* _SOURCE INFORMATION_
┄┄┄┄┄┄┄┄┄┄

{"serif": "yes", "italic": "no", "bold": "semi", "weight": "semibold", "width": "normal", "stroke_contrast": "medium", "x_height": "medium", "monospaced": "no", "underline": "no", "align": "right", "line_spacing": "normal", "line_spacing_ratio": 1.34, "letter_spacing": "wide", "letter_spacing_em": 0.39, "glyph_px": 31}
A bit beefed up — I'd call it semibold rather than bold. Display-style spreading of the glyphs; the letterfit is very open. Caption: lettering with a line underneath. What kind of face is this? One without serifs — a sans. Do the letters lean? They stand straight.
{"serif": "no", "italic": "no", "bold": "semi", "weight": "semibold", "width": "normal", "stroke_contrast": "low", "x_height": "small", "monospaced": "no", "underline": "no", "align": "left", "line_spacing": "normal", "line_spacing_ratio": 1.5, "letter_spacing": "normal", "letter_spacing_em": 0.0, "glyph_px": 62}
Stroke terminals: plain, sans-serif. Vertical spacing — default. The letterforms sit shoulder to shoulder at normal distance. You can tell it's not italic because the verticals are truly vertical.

┄┄┄┄┄┄┄┄┄┄

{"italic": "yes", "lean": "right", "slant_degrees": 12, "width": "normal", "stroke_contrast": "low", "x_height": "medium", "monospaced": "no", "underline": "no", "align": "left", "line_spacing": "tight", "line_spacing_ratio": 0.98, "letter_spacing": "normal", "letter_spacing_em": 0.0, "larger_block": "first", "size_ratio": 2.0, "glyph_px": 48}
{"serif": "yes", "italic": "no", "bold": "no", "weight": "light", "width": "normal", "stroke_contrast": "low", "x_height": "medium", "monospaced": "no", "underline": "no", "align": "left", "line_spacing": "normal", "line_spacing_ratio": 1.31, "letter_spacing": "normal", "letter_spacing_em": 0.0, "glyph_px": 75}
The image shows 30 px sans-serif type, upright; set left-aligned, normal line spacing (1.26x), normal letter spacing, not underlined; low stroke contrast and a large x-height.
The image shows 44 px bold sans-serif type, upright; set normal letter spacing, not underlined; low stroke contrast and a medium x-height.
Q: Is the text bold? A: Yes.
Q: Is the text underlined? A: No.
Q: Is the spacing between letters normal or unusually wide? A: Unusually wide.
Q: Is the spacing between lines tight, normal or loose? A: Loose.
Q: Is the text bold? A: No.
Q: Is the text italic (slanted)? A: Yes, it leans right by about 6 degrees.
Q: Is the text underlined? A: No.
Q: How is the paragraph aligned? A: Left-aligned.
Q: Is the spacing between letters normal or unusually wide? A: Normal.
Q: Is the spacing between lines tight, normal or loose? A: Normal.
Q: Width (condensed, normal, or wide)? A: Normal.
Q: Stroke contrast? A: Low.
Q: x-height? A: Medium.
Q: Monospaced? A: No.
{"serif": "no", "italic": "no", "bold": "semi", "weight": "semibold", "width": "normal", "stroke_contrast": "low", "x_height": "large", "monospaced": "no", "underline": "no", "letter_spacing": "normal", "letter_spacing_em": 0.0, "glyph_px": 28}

┄┄┄┄┄┄┄┄┄┄

* _DIRECTIONS_
Where a line of the entries above holds the word "type", return that line.

* _FINAL ANSWER_
The image shows 30 px sans-serif type, upright; set left-aligned, normal line spacing (1.26x), normal letter spacing, not underlined; low stroke contrast and a large x-height.
The image shows 44 px bold sans-serif type, upright; set normal letter spacing, not underlined; low stroke contrast and a medium x-height.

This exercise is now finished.